Are patients with low nasal epithelial sodium transport, as measured by nasal potential difference (NPD), more likely to develop acute respiratory distress syndrome (ARDS)?
What is the bottom line?
Contrary to the hypothesis, a higher NPD predicted ARDS development, which may reflect a physiological response to upregulate sodium transport in response to pulmonary oedema or the clinical conditions that are associated with the development of ARDS.
Larger studies are now needed to confirm these associations and predictive performance.
Why read on?
Upper respiratory epithelial sodium transport, as measured by NPD, is increased in ARDS and does not differ between ARDS survivors and controls.
Although a low NPD is associated with the development of pulmonary oedema in the setting of neonatal respiratory distress syndrome and high altitude pulmonary oedema, this study found the opposite result in ARDS.
Measurement of NPD may have a role in identifying at-risk patients who would progress to develop ARDS.
Introduction
The resolution of non-cardiogenic pulmonary oedema in the setting of the acute respiratory distress syndrome (ARDS) is dependent on active alveolar epithelial sodium transport.1 The alveolar cell Na+/K+ ATPase creates a concentration gradient for sodium and an osmotic gradient for water to move from the alveolus into the interstitium.

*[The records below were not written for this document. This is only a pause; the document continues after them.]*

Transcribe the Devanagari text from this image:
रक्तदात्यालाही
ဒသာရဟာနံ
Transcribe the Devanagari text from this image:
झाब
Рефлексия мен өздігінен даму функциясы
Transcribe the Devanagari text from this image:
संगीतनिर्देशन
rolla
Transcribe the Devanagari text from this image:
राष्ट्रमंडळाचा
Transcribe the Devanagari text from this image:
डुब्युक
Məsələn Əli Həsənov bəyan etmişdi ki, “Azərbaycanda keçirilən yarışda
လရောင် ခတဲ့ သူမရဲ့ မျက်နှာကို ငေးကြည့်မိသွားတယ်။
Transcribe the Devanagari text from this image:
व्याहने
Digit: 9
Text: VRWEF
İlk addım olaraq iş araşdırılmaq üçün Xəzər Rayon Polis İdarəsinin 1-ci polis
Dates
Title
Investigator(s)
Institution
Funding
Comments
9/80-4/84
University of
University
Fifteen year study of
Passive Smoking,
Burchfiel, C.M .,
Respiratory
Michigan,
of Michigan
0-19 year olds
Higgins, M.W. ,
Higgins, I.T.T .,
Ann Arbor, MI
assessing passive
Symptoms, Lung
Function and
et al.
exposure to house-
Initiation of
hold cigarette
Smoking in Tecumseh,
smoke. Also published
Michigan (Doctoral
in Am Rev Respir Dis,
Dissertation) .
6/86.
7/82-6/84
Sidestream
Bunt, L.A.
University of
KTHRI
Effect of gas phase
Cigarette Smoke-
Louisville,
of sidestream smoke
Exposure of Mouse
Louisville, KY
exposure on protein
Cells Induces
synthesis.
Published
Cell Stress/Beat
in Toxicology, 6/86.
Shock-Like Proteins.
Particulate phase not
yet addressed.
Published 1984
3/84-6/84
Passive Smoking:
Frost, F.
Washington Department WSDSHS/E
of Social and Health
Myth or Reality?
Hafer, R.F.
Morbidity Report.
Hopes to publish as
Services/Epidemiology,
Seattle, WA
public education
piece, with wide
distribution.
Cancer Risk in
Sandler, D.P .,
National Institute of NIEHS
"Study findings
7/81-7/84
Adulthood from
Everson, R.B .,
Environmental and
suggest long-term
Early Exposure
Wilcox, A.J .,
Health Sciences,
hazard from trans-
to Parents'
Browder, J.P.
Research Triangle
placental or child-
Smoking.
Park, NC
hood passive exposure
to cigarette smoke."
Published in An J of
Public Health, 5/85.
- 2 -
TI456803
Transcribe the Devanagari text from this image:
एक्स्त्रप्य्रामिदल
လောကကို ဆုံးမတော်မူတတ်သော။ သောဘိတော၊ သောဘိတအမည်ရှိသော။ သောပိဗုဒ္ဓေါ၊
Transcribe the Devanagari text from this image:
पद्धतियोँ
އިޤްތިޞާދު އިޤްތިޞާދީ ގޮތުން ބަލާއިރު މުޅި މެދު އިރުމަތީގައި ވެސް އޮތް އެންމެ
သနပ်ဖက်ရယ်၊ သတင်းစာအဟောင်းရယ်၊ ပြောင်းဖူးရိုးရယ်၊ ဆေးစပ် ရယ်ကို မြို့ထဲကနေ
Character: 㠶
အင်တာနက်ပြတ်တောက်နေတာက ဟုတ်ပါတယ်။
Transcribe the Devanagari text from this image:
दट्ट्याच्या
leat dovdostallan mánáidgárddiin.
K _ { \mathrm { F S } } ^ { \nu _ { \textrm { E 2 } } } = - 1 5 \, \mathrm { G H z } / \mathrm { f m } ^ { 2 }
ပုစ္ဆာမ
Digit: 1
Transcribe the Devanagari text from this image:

Sodium moves through the apical membrane predominantly via the epithelial sodium channel (ENaC) and is actively transported through the basolateral membrane.2 Inhibition of ENaC, via amiloride, reduces alveolar fluid clearance (AFC) and potentiates pulmonary oedema.1 AFC is significantly reduced in the majority of patients with ARDS, suggesting that alveolar sodium transport may be affected.3
Fine balance of sodium absorption and chloride secretion controls the respiratory tract fluid volume,4 and is required for normal nasal,5 airway6 and alveolar function.7 The differential distribution of sodium and chloride across cell membranes creates a voltage, or potential difference (PD). In the diagnosis of cystic fibrosis, the measurement of nasal epithelial ion transport is used as a non-invasive surrogate measure of airway epithelial ion transport.8 Maximum nasal PD (the most negative nasal potential difference (mNPD)) is in part reflective of sodium transport, with the luminal electrode recording a negative voltage relative to the interstitium.9 By perfusing the nasal epithelium with amiloride, a specific ENaC inhibitor, a measure of the contribution of this ion channel to total sodium transport, termed the amiloride response, can be made. Although the alveolus is the site of interest in the development of pulmonary oedema, the measurement of alveolar PD is highly invasive. NPD measurement is well tolerated and has been shown to correlate with the PD found in the distal respiratory epithelium.9 10
Studies using NPD have implicated dysfunctional respiratory epithelial sodium transport in the pathogenesis of two forms of non-cardiogenic pulmonary oedema: neonatal respiratory distress syndrome11 12 and high altitude pulmonary oedema,13–16 where decreased (less negative) NPD was associated with the development of these conditions. Transgenic mice with poorly functional ENaC demonstrated reduced NPD and were otherwise healthy until exposed to thiourea-induced pulmonary oedema, when they suffered worse lung injury and reduced AFC in comparison to wild-type mice. NPD and AFC were highly correlated.17 These data suggest NPD may be a surrogate for alveolar fluid transport. Since non-cardiogenic pulmonary oedema is a hallmark of ARDS, constitutively reduced alveolar fluid transport may be an independent risk factor for ARDS development and poor outcome from the syndrome.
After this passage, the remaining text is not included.